A Quintessence of Intelligence

February 18, 2026

A quintessence of intelligence is that winners are first. So we begin, firstly, with first. The equation for entropy is typically presented as:

\[H(X) = - \sum_{i=1}^{n} p(x_i) \log_{2} p(x_i)\]

Note

There is a meta-level point in the fact smart people chose to present the equation for entropy in this manner, because in a certain sense, this isn't what entropy is. Rather, it is an efficient way to calculate it.

It can help to transform back to what it really is, beneath the performance optimization. Entropy is a weighted sum: each possible outcome contributes its probability, $p(x_i)$, times its information content, $-\log_{2} p(x_i)$.

Which means entropy is actually an expected value calculation.

\[\mathbb{E}_{X}\!\left[ -\log_{2} p(X) \right]\]

Here we’re calculating the expected information content. In literal terms the expected information content is the negative base two logarithm of the likelihood that an event $x_i$ occurred.

To make that expectation tangible, imagine a skewed four-outcome world shown below. Outcomes that were unlikely deliver more bits, and because those bits are weighted by their probabilities, the pastel bars in the chart are exactly the contributions that add up to entropy.

Bar charts showing probabilities next to information content and their weighted contributions — Entropy is a weighted average: the expected contribution $p(x_i)\cdot(-\log_2 p(x_i))$ from each outcome.

But really, what does that even mean? The key insight is simple. Data and information are different things. Information is data with respect to an interpreter.

A story can help to understand the ideas.

Suppose Alice and Bobby are playing a guessing game with a deck of cards. The rule of the game is that Bobby gets to take one card at random from the deck. Then Alice has to ask Bobby yes or no questions in order to figure out which card he took. Meanwhile, Bobby must only ever answer with a yes or a no.

Now, Bobby happens to pick out the Ace of Diamonds. Alice doesn’t know that. From her perspective, it could be anything. So she asks a question, “Is your card a club or a spade?”

“No,” Bobby responds.

Now Alice knows that it must be either a Diamond or a Heart, but she still isn’t very certain what the rank of the card is. So she asks another question, “Is it a Heart?”

“No,” Bobby answers.

Now Alice knows that it must be a Diamond, but she still doesn’t know what the rank is. Still, her guesses have been quite good. She has been eliminating half of the options with every question she asks.
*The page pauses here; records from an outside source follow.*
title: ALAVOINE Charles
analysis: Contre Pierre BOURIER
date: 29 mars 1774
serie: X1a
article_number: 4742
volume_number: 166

It is possible to do worse than that. Alice could ask whether Bobby had breakfast. That wouldn’t tell her anything about the card. The point is that not all questions are equal – some eliminate half the remaining possibilities, others eliminate none.

There are nine numbered cards (2 through 10), plus the Ace and three face cards, for a total of thirteen unique ranks. So Alice would learn a lot more if she asked whether the card was above seven or a face card, since that would eliminate another half of the cards that Bobby could potentially have.
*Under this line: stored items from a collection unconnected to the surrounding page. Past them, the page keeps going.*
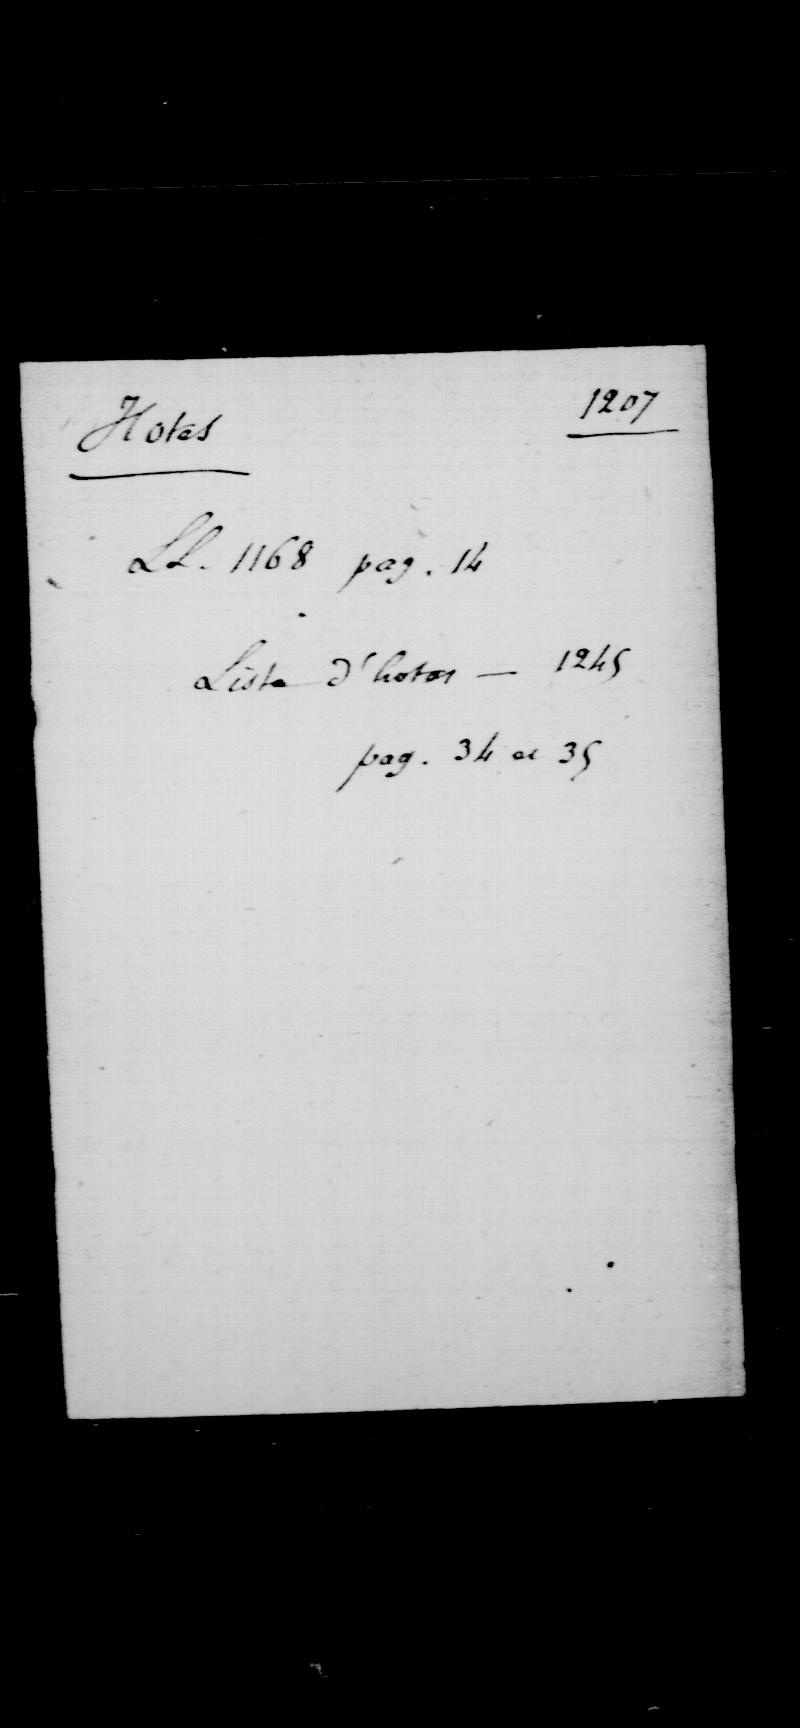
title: Hotes
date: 1207
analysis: Liste d’hôtes – 1245 pag. 34 et 35
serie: LL
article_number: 1168
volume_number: pag. 14
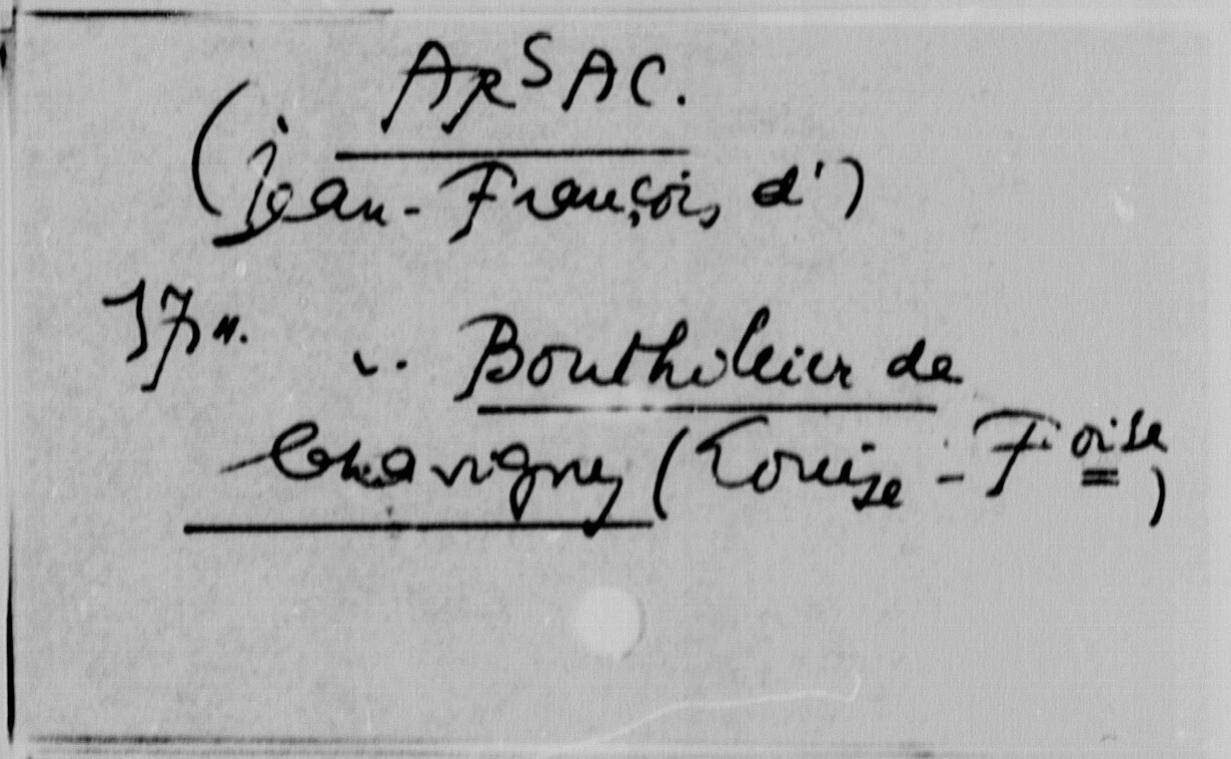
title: ARSAC (Jean-François d')
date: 1704
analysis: Voir BOUTHELLIER DE CHAVIGNY (Louise-Françoise)
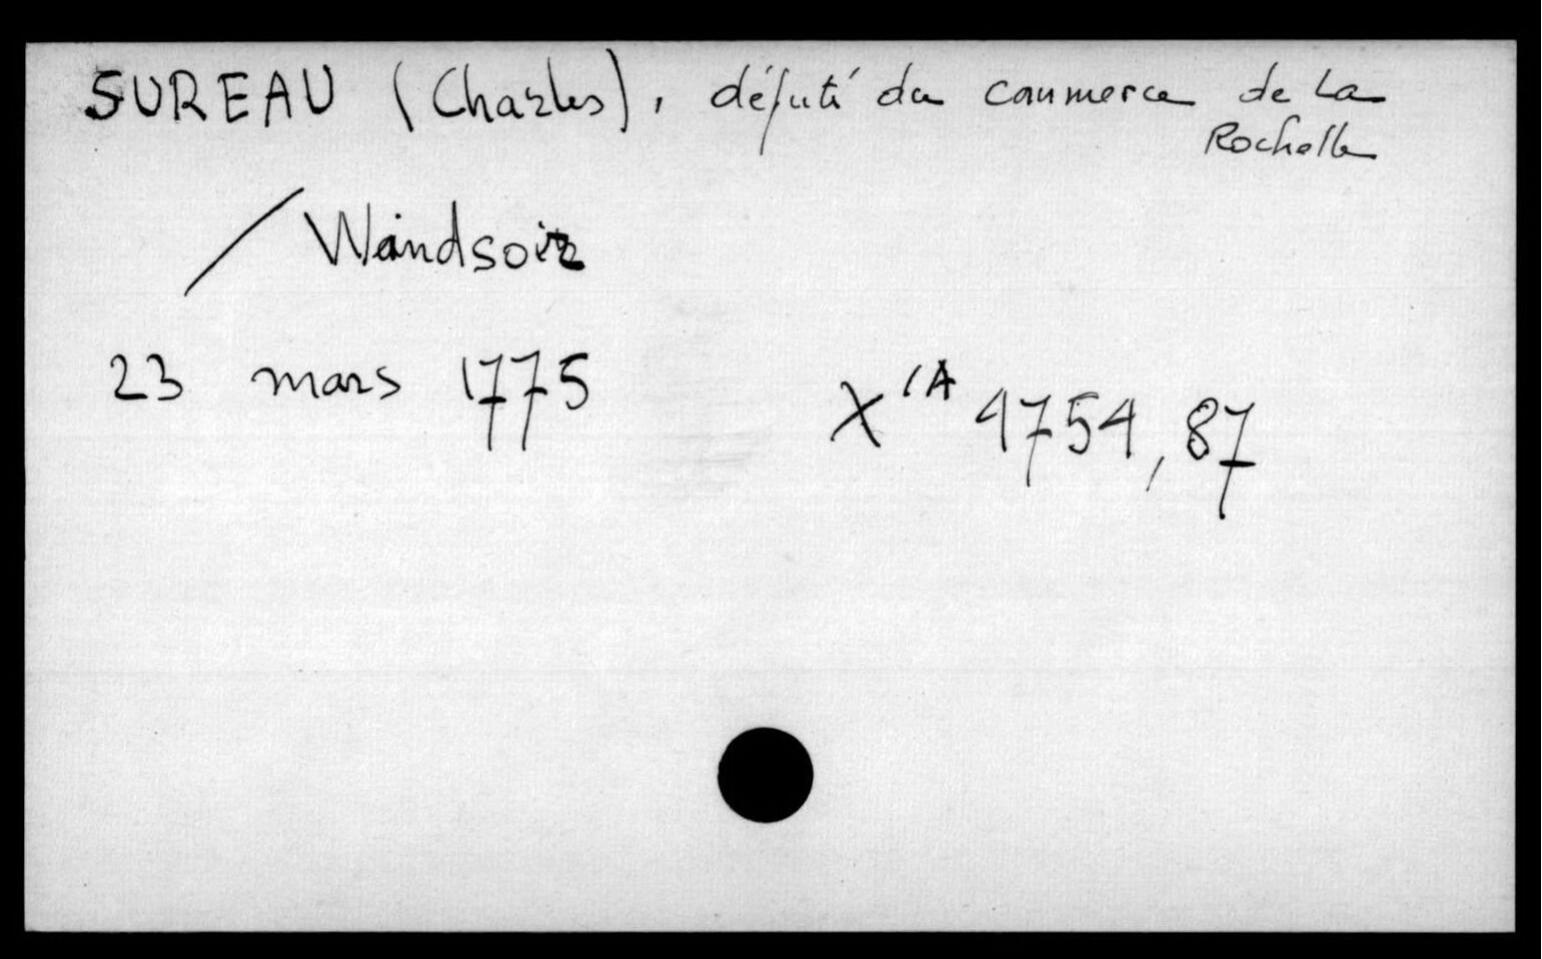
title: SUREAU (Charles), député du comerce de la Rochelle
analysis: Contre Windsor
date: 23 mars 1775
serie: X1A
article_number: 4754
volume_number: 87

Programmers will notice what’s happening: this is essentially a binary search over a set of possibilities. At each step, you divide the space roughly in half, until only one element remains.

Entropy is the average number of such halving steps required: the expected depth of the binary search tree when the elements are not equally likely, but weighted by their true probabilities.
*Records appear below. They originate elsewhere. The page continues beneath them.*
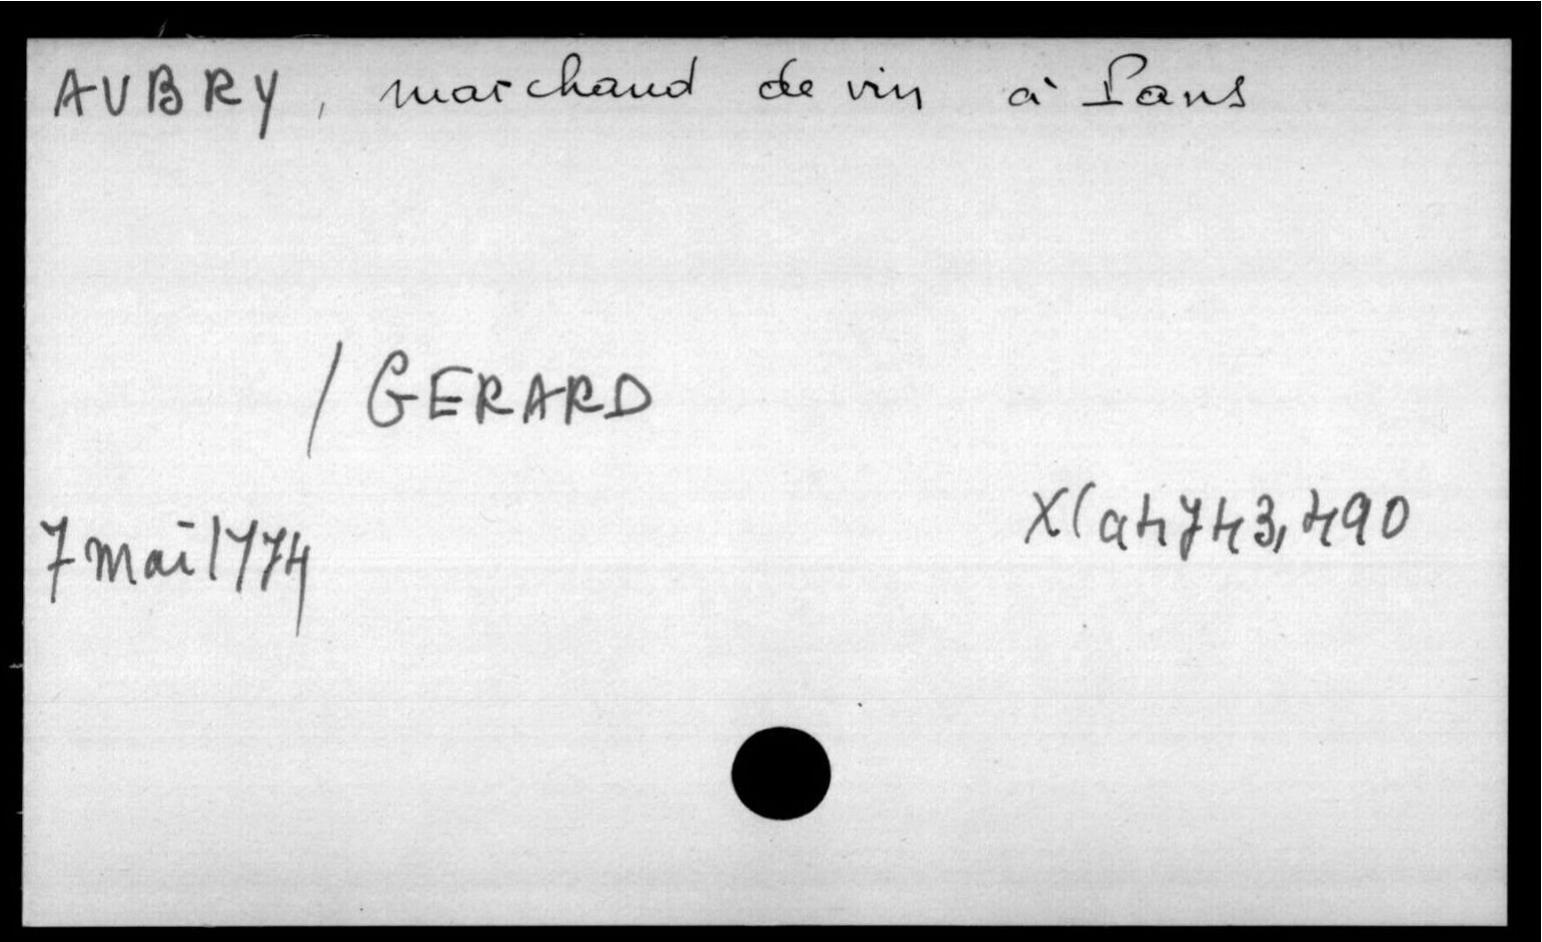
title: AUBRY, marchand de vin à Paris
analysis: Contre GERARD
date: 7 mai 1774
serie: X1A
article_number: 4743
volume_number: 490

If Alice was asking the best possible questions, then on average she would end up asking $\log_{2}52 \approx 5.7$ questions. So an intuitive way to think about entropy is that it is the expectation of how many questions we would need to ask if we were really good at asking questions.

For this reason many people will frame entropy as a measure of uncertainty. It is kind of like the minimum distance you would need to cross in order to figure out where you are given you were not certain where you were if you were very intelligent.

But that wasn’t what led to it being discovered: it was discovered in the process of determining the properties of an ideal engine.

Which brings us back to the idea of a race. A quintessence of intelligence is that winners are first. In a race, what does it mean to be first? It means to cross the distance before others do. There is a path length in doing so.

Entropy is the average shortest path length. It is the number of questions you ask if you ask the right questions.

Entropy.

The foundation upon which the field of information theory rests, which in turn is the foundation upon which statistical learning theory rests, is actually about winning a sort of race. Each question is a stride forward. Entropy is the distance to victory measured in questions. To be intelligent is to run the shortest race possible.

A race from uncertainty, to certainty. A race from not knowing, to knowing. So more fundamental than probability theory, more fundamental than logic, more fundamental than learning, is a simple thing. The quintessence of intelligence is this: In order to win a race? We must be first.